Closer to 40 than 30.

I mostly post about:

I've only just started this journal, though I've used Dreamwidth sporadically before. I plan to mainly write about my writing progress, my writing projects, thoughts on writing, authors/poets I'm reading (English) and similar.

My hobbies are:

Poetry, roleplaying, writing, ballet, art, icon making (sporadically and mostly RP-related) and scrapbooking/collage-making.

My fandoms are:

I'm not active in any fandoms rn, though in the past I've been active in the Takarazuka Revue fandom and the Danish ballet fandom.

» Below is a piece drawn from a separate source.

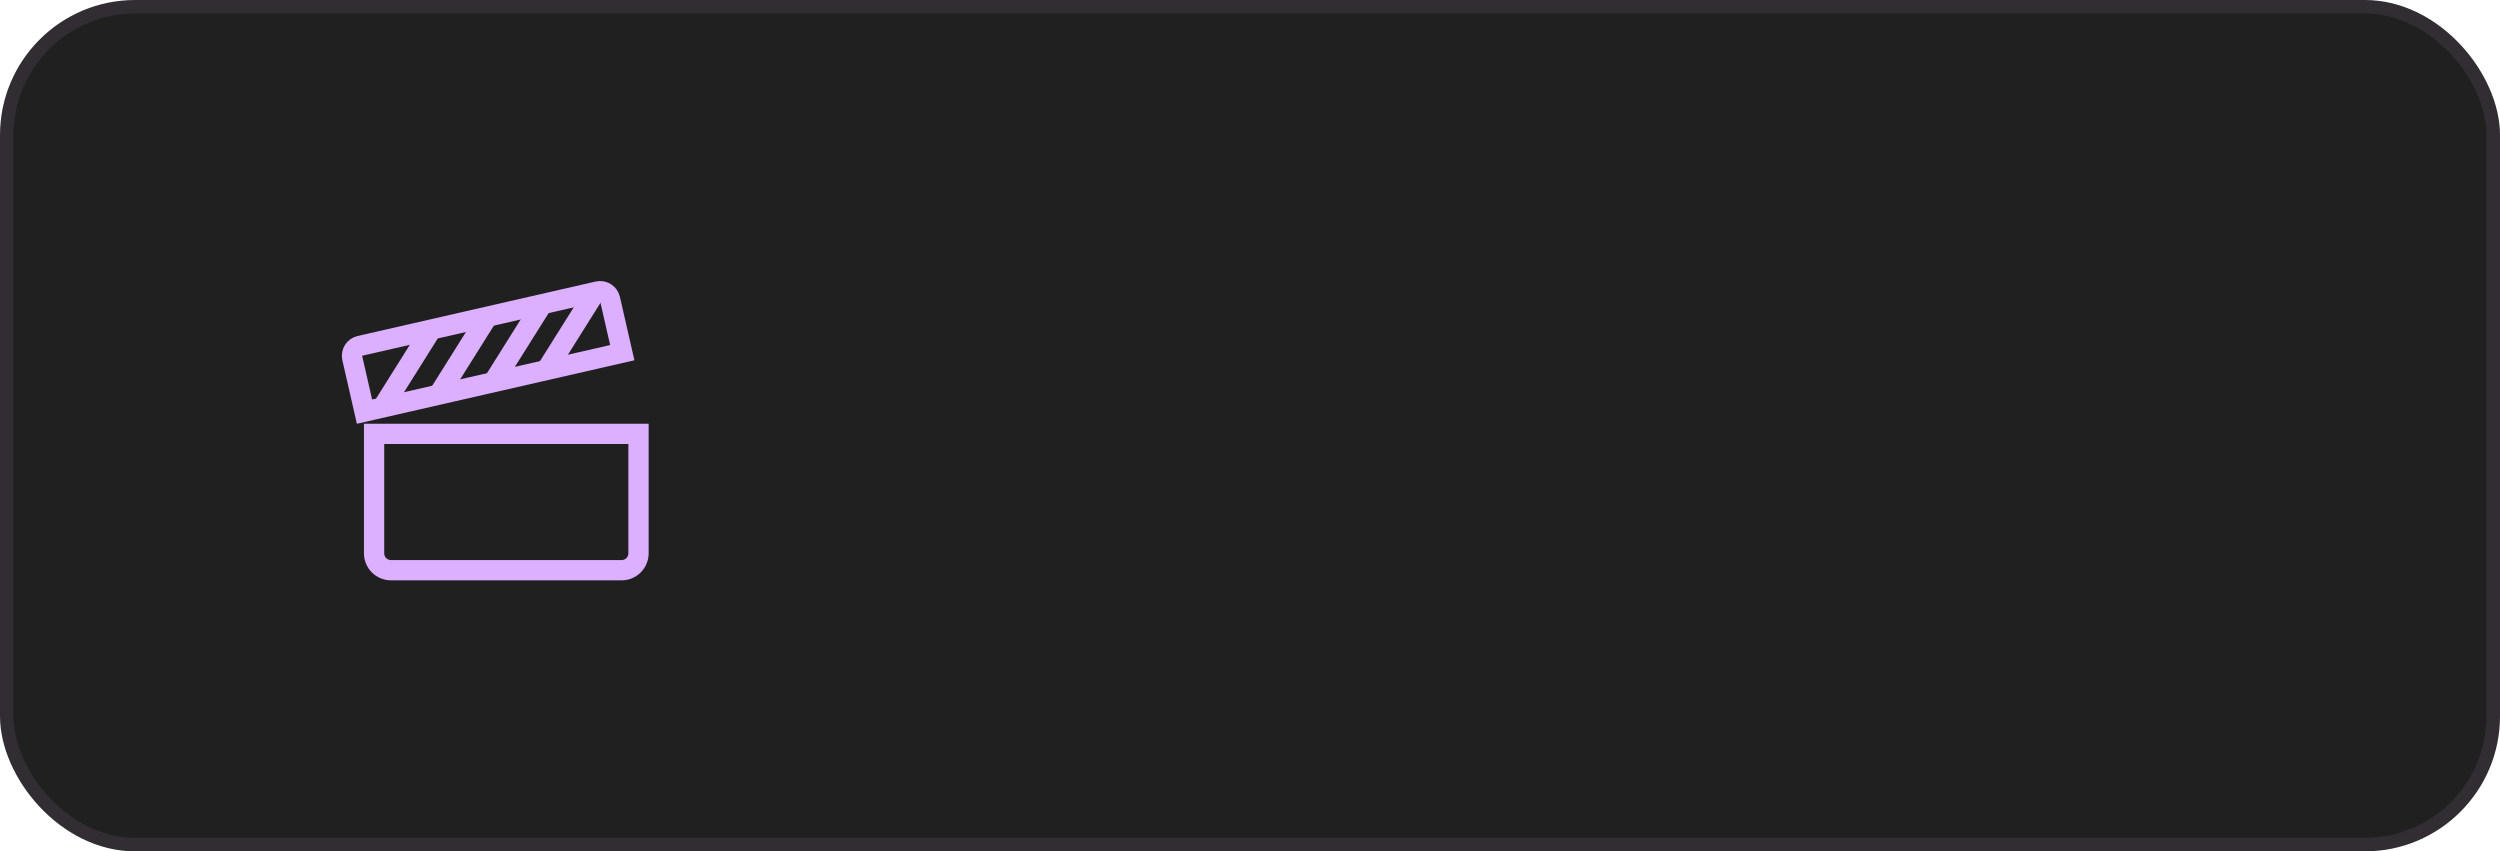 <?xml version="1.0" encoding="UTF-8"?> <svg xmlns="http://www.w3.org/2000/svg" width="370" height="126" viewBox="0 0 370 126" fill="none"> <rect x="1" y="1" width="368" height="124" rx="19" fill="#202021" stroke="#312D33" stroke-width="2"></rect> <path d="M55.364 64.216H94.5V81.891C94.5 83.271 93.381 84.391 92 84.391H57.864C56.483 84.391 55.364 83.271 55.364 81.891V64.216Z" stroke="#DCAFFF" stroke-width="3"></path> <path d="M52.131 52.986C51.947 52.178 52.451 51.373 53.259 51.189L88.485 43.131C89.293 42.947 90.097 43.451 90.282 44.259L92.097 52.195L53.946 60.921L52.131 52.986Z" stroke="#DCAFFF" stroke-width="3"></path> <line x1="56.69" y1="60.169" x2="63.948" y2="48.605" stroke="#DCAFFF" stroke-width="3"></line> <line x1="64.998" y1="58.268" x2="72.257" y2="46.704" stroke="#DCAFFF" stroke-width="3"></line> <line x1="73.1" y1="56.414" x2="80.358" y2="44.851" stroke="#DCAFFF" stroke-width="3"></line> <line x1="80.949" y1="54.62" x2="88.208" y2="43.057" stroke="#DCAFFF" stroke-width="3"></line> </svg>

I am, however, running the poetry prompt challenge community, [community profile] 25poemsamonth, if that counts as a fandom.

I'm looking to meet people who:

Like to write, will share their writing with me, their writing progress, ups-downs, writing journal, research, thoughts. Just writing, ok.

My posting schedule tends to be:

Honestly, probably sporadic, but as I'm beginning to work on an English-language verse novel soon, I hope to be a little more active than just once a month.

When I add people, my dealbreakers are:

No gen AI. No queerphobia, transphobia, racism, etc.

Before adding me, you should know:

Can't really think of anything. I live in Denmark, so might post at weird times compared to the many American folks here.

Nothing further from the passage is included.